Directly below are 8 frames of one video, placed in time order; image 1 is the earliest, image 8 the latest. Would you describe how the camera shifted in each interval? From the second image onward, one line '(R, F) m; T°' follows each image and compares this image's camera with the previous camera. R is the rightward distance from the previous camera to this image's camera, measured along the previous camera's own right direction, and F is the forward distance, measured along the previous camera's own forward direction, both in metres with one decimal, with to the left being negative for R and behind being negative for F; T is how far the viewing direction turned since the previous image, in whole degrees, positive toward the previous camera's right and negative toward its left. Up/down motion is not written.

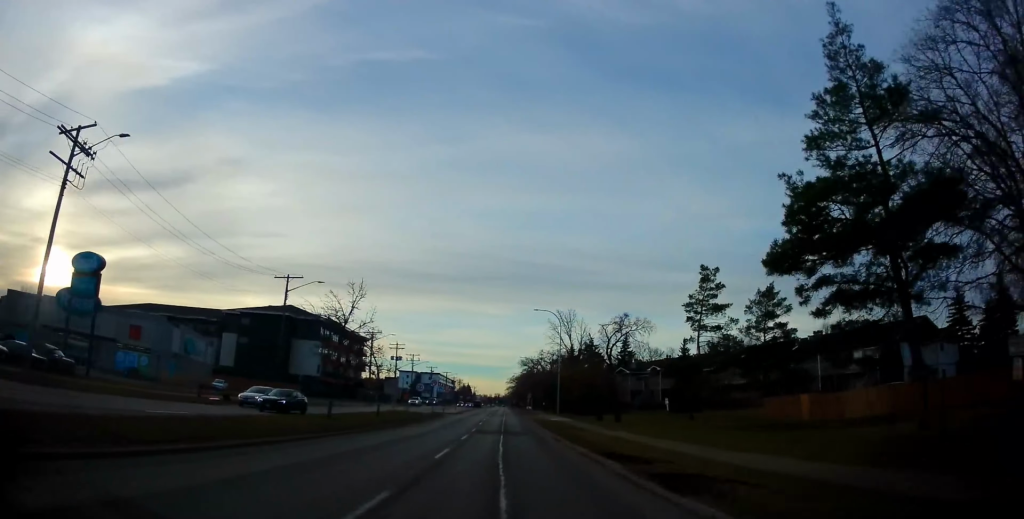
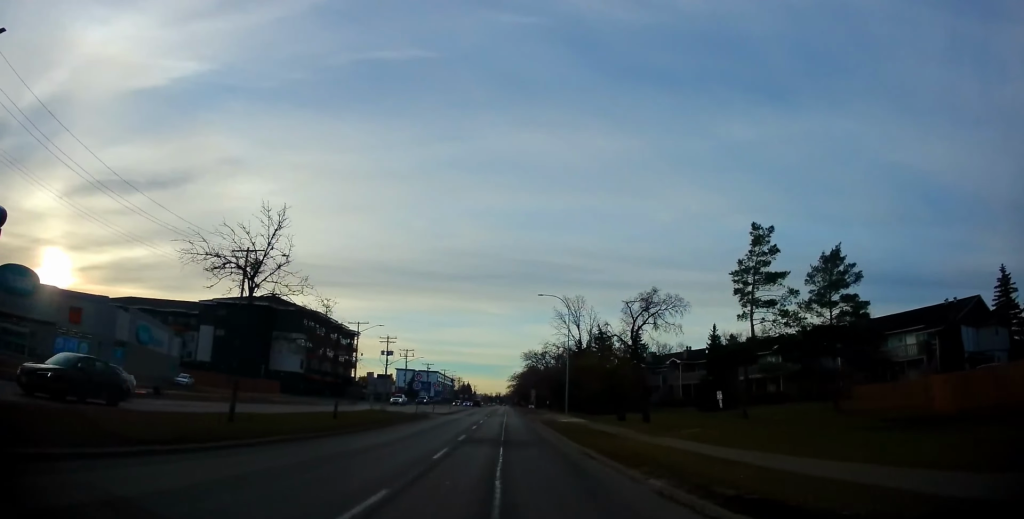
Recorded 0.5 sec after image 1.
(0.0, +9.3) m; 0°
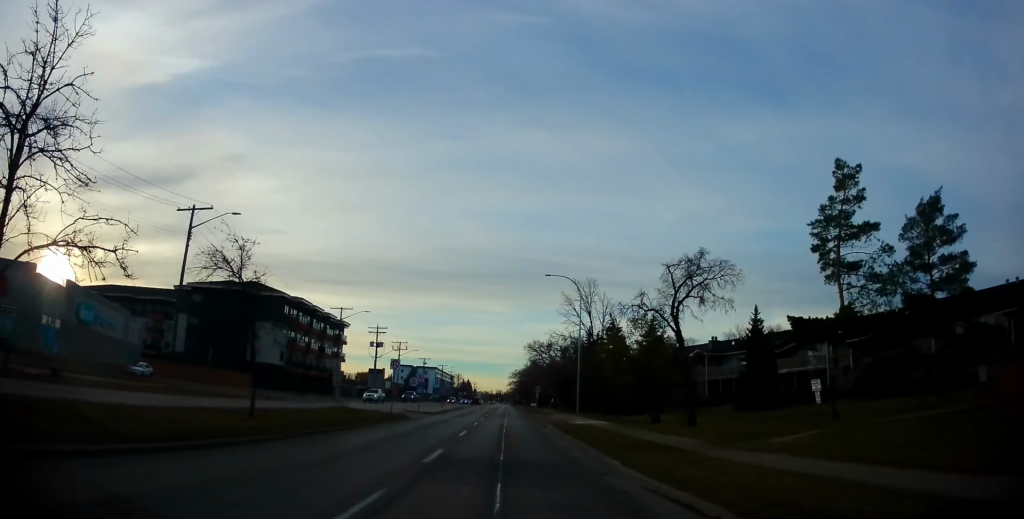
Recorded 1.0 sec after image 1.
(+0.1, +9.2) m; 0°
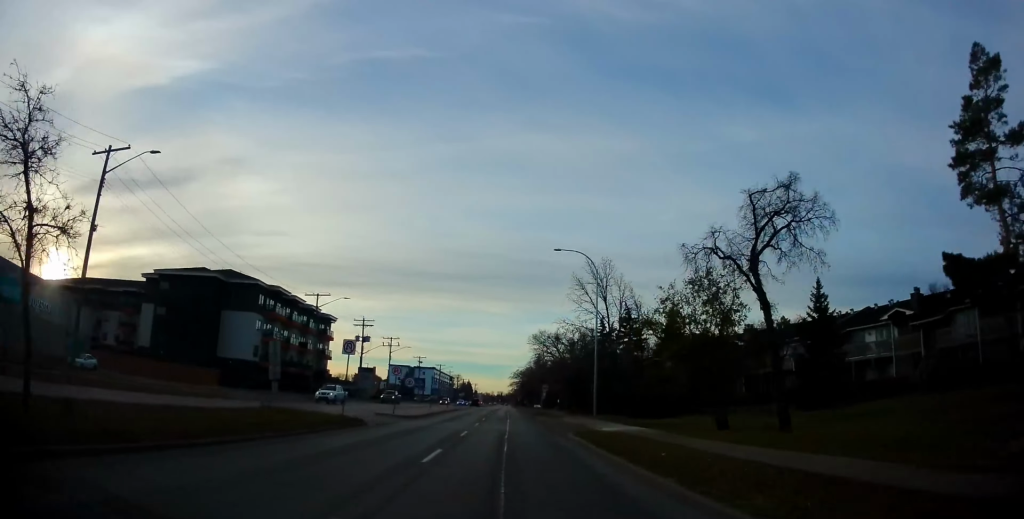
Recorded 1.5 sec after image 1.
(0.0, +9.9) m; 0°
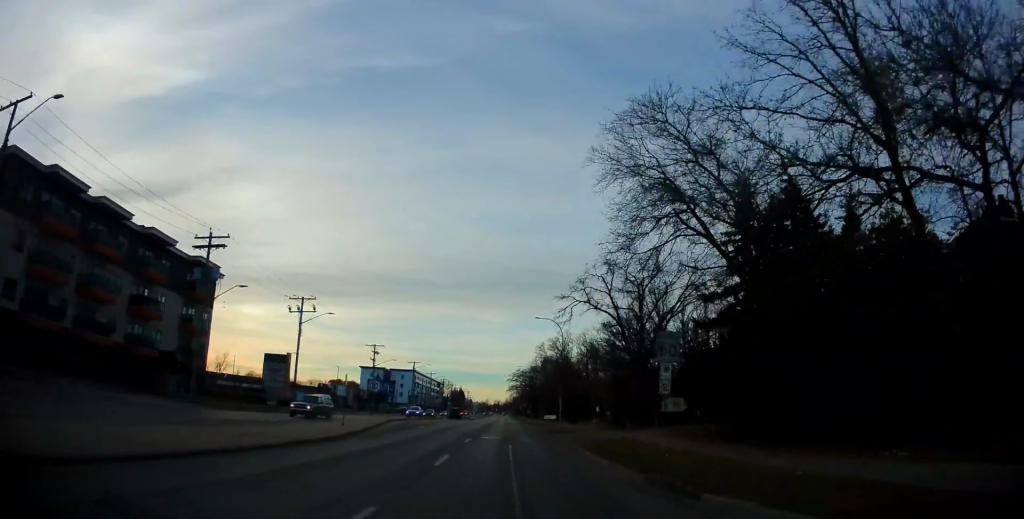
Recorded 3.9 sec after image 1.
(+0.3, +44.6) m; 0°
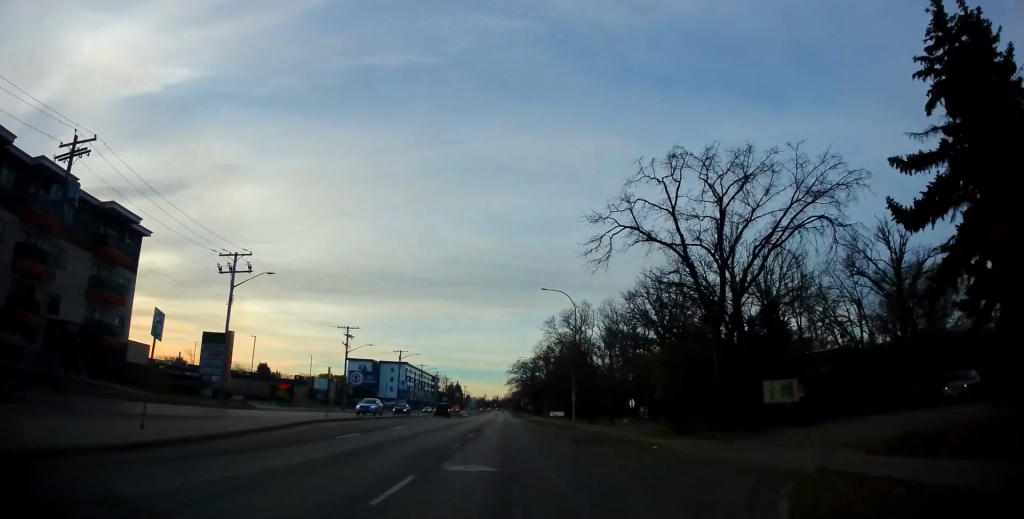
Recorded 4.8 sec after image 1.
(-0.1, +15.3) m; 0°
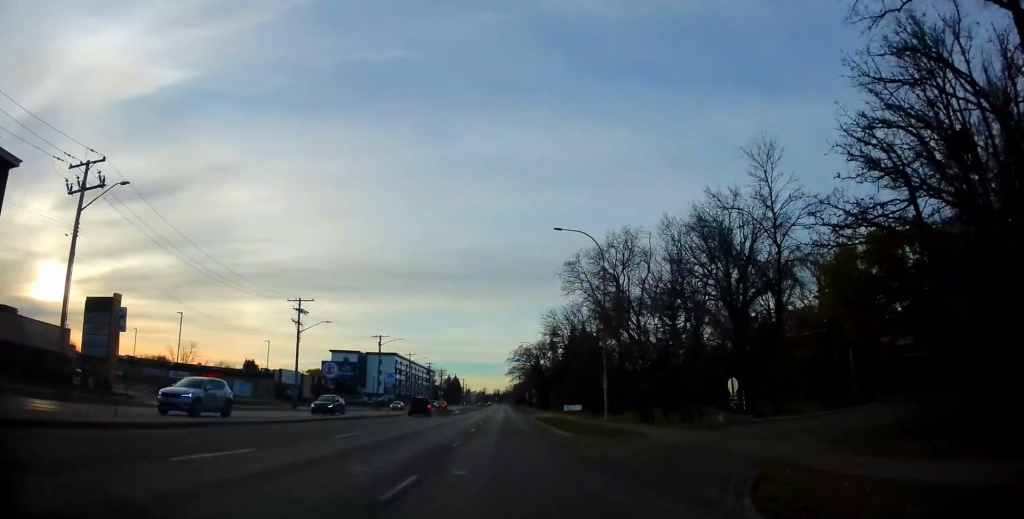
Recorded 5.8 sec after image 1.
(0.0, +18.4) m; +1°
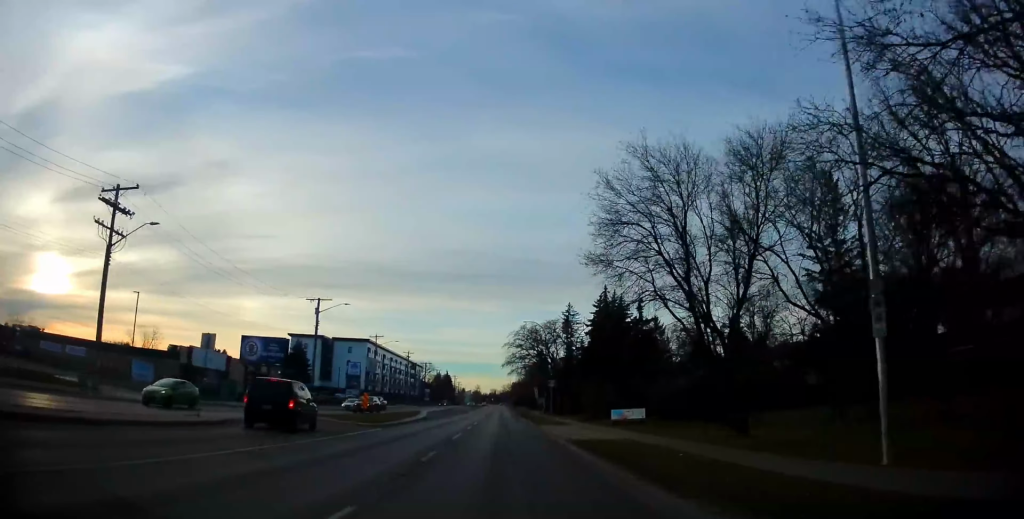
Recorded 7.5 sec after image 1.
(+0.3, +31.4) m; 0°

--

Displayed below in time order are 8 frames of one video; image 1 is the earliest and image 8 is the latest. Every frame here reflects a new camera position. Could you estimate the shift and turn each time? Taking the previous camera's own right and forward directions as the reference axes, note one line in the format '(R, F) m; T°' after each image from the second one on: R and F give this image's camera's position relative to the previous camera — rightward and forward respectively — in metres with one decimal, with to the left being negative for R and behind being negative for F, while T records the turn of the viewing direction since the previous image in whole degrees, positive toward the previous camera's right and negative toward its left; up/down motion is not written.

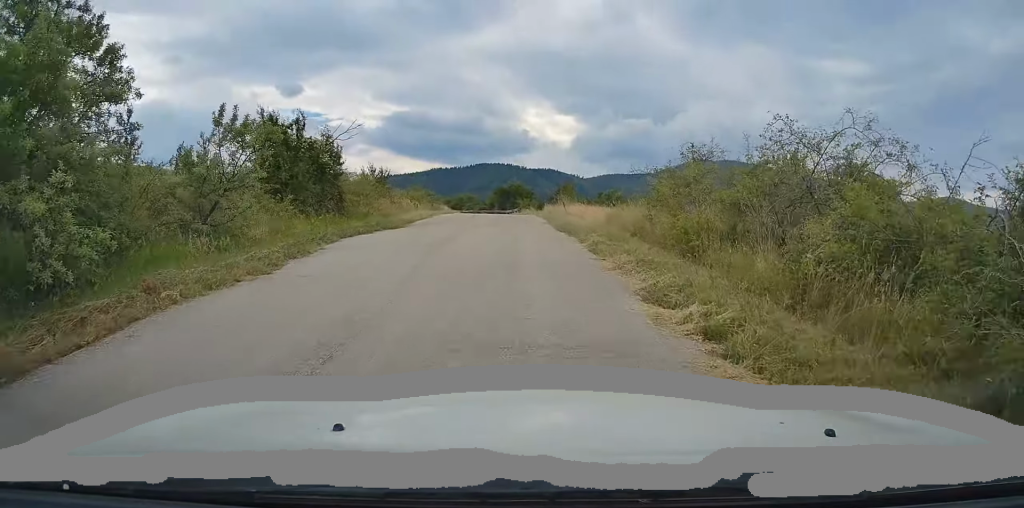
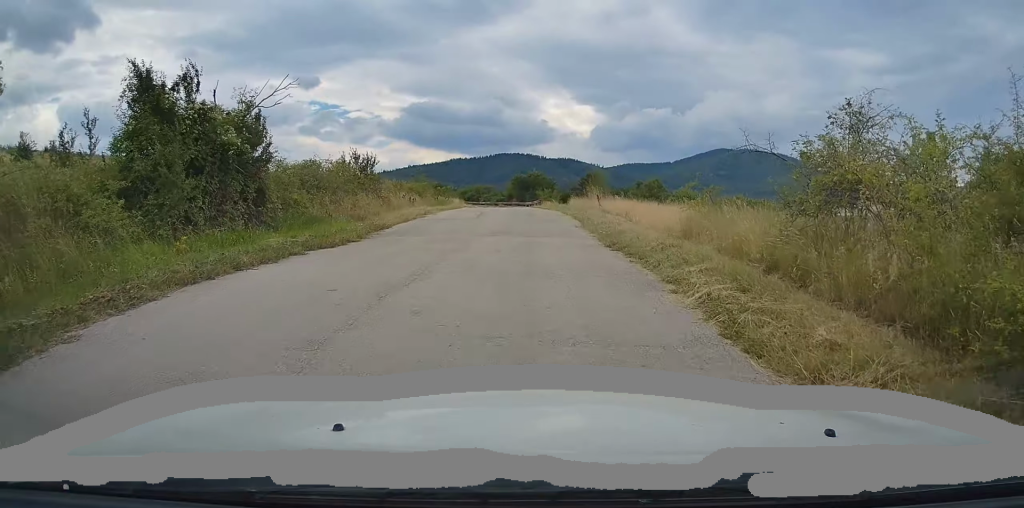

- _TASK_
Say how many lines of the entries above include the word "from", giving the number alone.

- _SOLVED EXERCISE_
2